Plagued by the fight against time and the guilt of being greedy, after all, I had a healthy happy living child, yet I pressed forward. There are no emotions I would not feel, no expense I would not bear to refill my empty womb and carry my own biological child. I prayed endlessly to a God, I had barely acknowledged since graduating Catholic school more years ago than I care to remember. I meditated, performed yoga, acupuncture, took a less prominent role at work, all in hopes of finding the right mix of things to give birth to my rainbow baby.

Initially, I pressed on in silence. I was ashamed and guilt ridden. However battling infertility becomes a full-time job. Every outing and event predicated by my menstrual cycle. I can not travel at the beginning of the cycle or just before ovulation. Medical professionals located in NYC are very necessary. I must only travel after the end of my cycle or what I would come to learn as my luteal phase.

Slowly at first, I had to start talking about my miscarriage and my fertility struggles and letting others in on one of the most private, shameful aspects of my life. It was the only thing that would soothe my soul. So be it.

The strangest thing happened. Other women shared they had all suffered miscarriages! Women that I knew, not random data that I found on a google search. It was the most liberating revelation that I had experienced in my 46 years on the planet. Wow. I felt empowered and entitled all at once.

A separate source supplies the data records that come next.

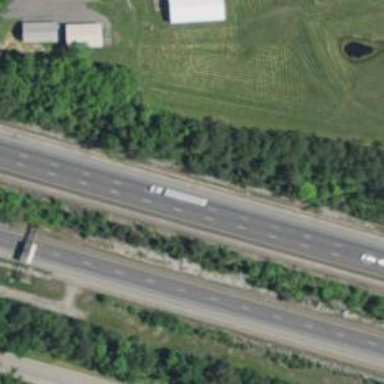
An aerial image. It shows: Motorway.
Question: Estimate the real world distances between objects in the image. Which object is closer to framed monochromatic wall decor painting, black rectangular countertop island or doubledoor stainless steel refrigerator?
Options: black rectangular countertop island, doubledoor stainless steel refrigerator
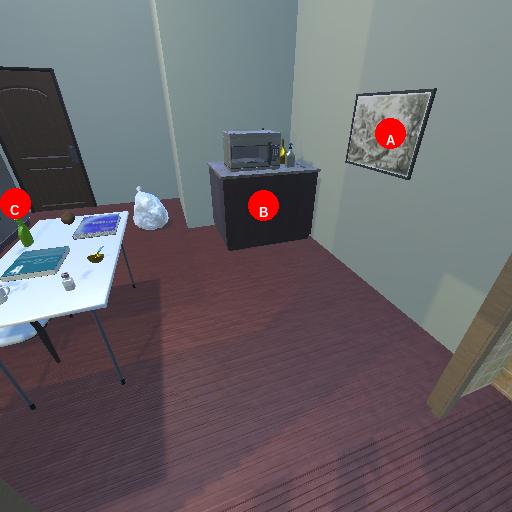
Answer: black rectangular countertop island
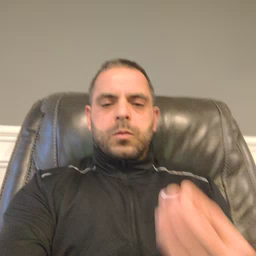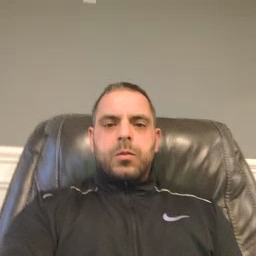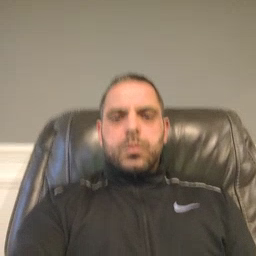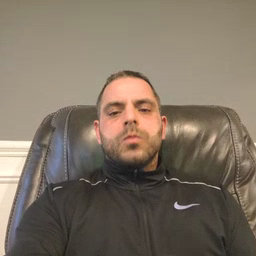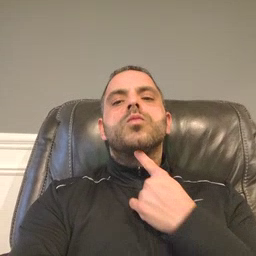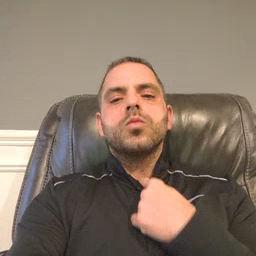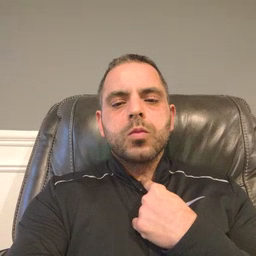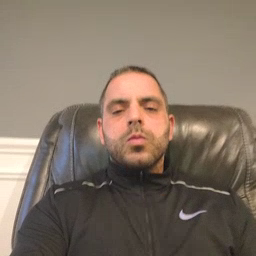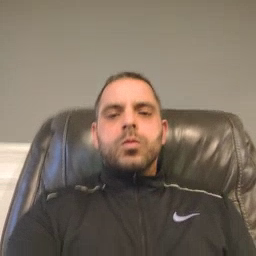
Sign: thirsty
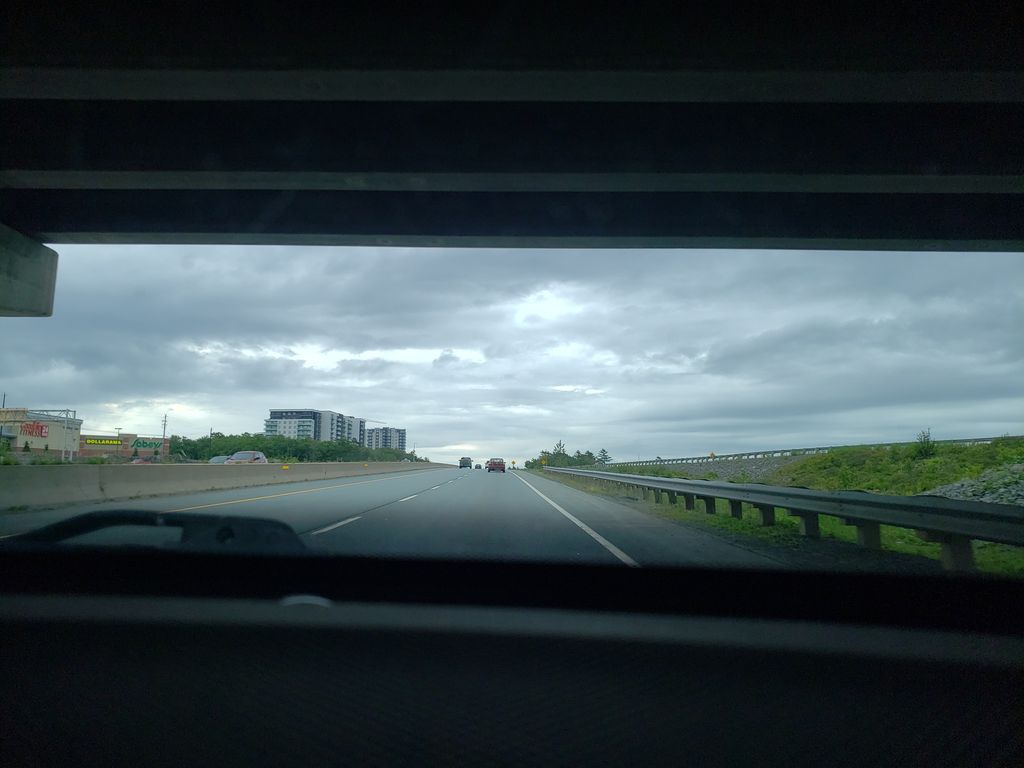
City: halifax
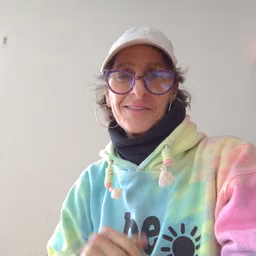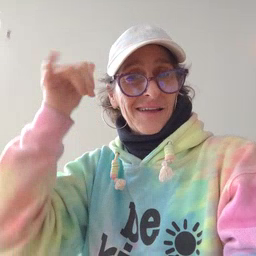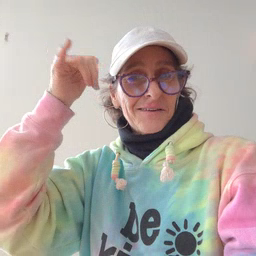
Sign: cow
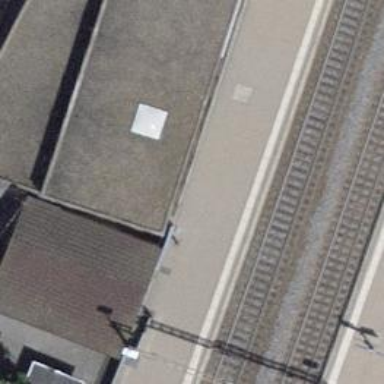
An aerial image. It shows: Railway buffer stop.
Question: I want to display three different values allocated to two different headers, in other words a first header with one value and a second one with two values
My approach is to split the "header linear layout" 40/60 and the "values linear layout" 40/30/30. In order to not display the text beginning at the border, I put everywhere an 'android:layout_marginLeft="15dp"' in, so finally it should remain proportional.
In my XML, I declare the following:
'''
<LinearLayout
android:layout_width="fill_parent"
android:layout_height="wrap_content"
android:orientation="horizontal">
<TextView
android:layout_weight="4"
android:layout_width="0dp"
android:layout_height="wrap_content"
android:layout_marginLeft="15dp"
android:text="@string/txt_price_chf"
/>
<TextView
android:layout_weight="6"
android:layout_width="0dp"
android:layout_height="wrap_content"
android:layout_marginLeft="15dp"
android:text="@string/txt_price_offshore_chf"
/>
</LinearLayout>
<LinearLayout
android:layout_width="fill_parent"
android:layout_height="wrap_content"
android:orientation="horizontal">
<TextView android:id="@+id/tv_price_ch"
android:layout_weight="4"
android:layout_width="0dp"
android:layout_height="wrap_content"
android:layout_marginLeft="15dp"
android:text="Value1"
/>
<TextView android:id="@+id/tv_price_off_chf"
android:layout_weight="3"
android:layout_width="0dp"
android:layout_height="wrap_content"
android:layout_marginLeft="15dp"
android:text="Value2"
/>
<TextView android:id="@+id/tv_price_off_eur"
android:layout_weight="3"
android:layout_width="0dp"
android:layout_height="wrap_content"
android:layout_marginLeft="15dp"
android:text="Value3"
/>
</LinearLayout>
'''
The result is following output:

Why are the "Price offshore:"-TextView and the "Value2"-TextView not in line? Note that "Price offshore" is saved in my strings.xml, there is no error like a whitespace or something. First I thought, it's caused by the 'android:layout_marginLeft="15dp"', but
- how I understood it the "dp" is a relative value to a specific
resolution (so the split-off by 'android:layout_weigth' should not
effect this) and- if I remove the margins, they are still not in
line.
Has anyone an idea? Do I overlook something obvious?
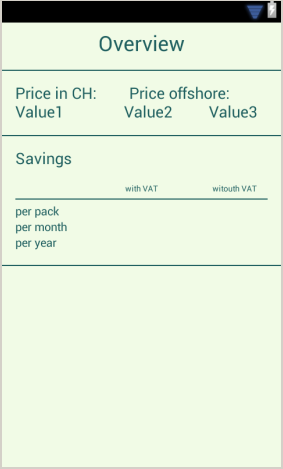
Answer: '''
<TextView
android:layout_weight="4"
android:layout_width="0dp"
android:layout_height="wrap_content"
android:layout_marginLeft="15dp"
android:layout_marginRight="-10dp"
android:text="@string/txt_price_chf"
/>
'''
This will work for you...

This led me to start speaking openly about my experience. I was on multiple public websites talking about my fertility struggles to strangers. But it wasn't about me. It was about the larger, mostly silent, population of folks struggling with infertility.

One year later, I'm on my second reproductive endocrinologist and a mission to give a voice and a face to infertility. I like to refer to it as my "fertility" (not infertility) struggles so as to put positive energy into the universe. My focus is not only on helping myself have a healthy and happy take home baby, but to helps others learn what I WISH I would have known 10 years ago.

I realize my 1% chance means it is highly unlikely that I will have another biological child. However, I am unmoved. My heart will not yet let me surrender.

Dearest future child, mommy is waiting. I love you.